Auth: [Joshua Pickard](jpic@umich.edu)

Date: August 29, 2024

In [1]:
import scanpy as sp
import numpy as np
import pandas as pd
import scanpy as sp
import os

In [2]:
DATAPATH = "/nfs/turbo/umms-indikar/shared/projects/DGC/data/tabula_sapiens/extract/"
FILE = "TabulaSapiens.h5ad"

In [3]:
adata = sp.read_h5ad(os.path.join(DATAPATH, FILE))

In [4]:
adata.shape

(483152, 58870)

# Fibroblasts

## Build the new File

In [16]:
# Find all unique entries containing 'fib' (case-insensitive) in 'cell_ontology_class'
fib_entries_1 = [entry for entry in adata.obs['cell_ontology_class'].unique() if 'fib' in entry.lower()]

# Find all unique entries containing 'fib' (case-insensitive) in 'free_annotation'
fib_entries_2 = [entry for entry in adata.obs['free_annotation'].unique() if 'fib' in entry.lower()]

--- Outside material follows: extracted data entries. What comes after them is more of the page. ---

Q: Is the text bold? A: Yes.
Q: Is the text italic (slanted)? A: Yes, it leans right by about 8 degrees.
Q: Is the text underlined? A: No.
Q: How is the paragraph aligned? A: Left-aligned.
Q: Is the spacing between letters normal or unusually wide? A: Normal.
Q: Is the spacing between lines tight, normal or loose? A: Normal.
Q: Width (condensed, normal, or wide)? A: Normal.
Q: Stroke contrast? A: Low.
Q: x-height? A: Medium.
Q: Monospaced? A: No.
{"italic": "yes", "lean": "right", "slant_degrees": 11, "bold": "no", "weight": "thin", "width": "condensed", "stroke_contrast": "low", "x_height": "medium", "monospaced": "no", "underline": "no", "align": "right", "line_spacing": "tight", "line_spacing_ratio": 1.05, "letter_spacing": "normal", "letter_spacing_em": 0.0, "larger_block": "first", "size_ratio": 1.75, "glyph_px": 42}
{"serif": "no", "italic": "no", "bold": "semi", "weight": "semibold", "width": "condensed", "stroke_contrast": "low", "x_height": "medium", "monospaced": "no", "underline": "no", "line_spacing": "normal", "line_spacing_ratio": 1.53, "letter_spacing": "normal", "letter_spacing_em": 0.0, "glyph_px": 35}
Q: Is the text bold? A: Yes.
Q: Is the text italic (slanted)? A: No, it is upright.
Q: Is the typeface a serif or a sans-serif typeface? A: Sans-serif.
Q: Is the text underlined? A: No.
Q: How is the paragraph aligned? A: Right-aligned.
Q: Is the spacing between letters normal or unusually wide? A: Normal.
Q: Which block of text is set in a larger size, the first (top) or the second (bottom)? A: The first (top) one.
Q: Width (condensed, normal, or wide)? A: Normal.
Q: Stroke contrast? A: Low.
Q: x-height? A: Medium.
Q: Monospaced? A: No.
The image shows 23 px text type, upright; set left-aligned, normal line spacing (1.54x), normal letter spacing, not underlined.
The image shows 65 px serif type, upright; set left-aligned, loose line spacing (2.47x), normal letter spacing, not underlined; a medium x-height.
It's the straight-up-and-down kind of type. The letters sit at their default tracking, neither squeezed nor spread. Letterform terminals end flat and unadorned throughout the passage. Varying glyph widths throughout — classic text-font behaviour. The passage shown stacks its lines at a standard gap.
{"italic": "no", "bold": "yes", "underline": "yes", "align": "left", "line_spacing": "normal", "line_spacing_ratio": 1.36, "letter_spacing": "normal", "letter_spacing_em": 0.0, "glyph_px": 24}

# Reduce data to only include rows where either 'cell_ontology_class' or 'free_annotation' is in their respective fib entries
fibroblast_adata = adata[
    adata.obs['cell_ontology_class'].isin(fib_entries_1) | 
    adata.obs['free_annotation'].isin(fib_entries_2)
].copy()

print(fibroblast_adata)


AnnData object with n_obs × n_vars = 38151 × 58870
    obs: 'organ_tissue', 'method', 'donor', 'anatomical_information', 'n_counts_UMIs', 'n_genes', 'cell_ontology_class', 'free_annotation', 'manually_annotated', 'compartment', 'gender'
    var: 'gene_symbol', 'feature_type', 'ensemblid', 'highly_variable', 'means', 'dispersions', 'dispersions_norm', 'mean', 'std'
    uns: '_scvi', '_training_mode', 'dendrogram_cell_type_tissue', 'dendrogram_computational_compartment_assignment', 'dendrogram_consensus_prediction', 'dendrogram_tissue_cell_type', 'donor_colors', 'donor_method_colors', 'hvg', 'method_colors', 'neighbors', 'organ_tissue_colors', 'sex_colors', 'tissue_colors', 'umap'
    obsm: 'X_pca', 'X_scvi', 'X_scvi_umap', 'X_umap'
    layers: 'decontXcounts', 'raw_counts'
    obsp: 'connectivities', 'distances'


In [17]:
# Define the output directory and filename
output_dir = "/nfs/turbo/umms-indikar/shared/projects/DGC/data/tabula_sapiens/jpic"
output_file = "fibroblast.h5ad"

# Write the filtered AnnData object to a file
fibroblast_adata.write(os.path.join(output_dir, output_file))

print(f"File saved to: {os.path.join(output_dir, output_file)}")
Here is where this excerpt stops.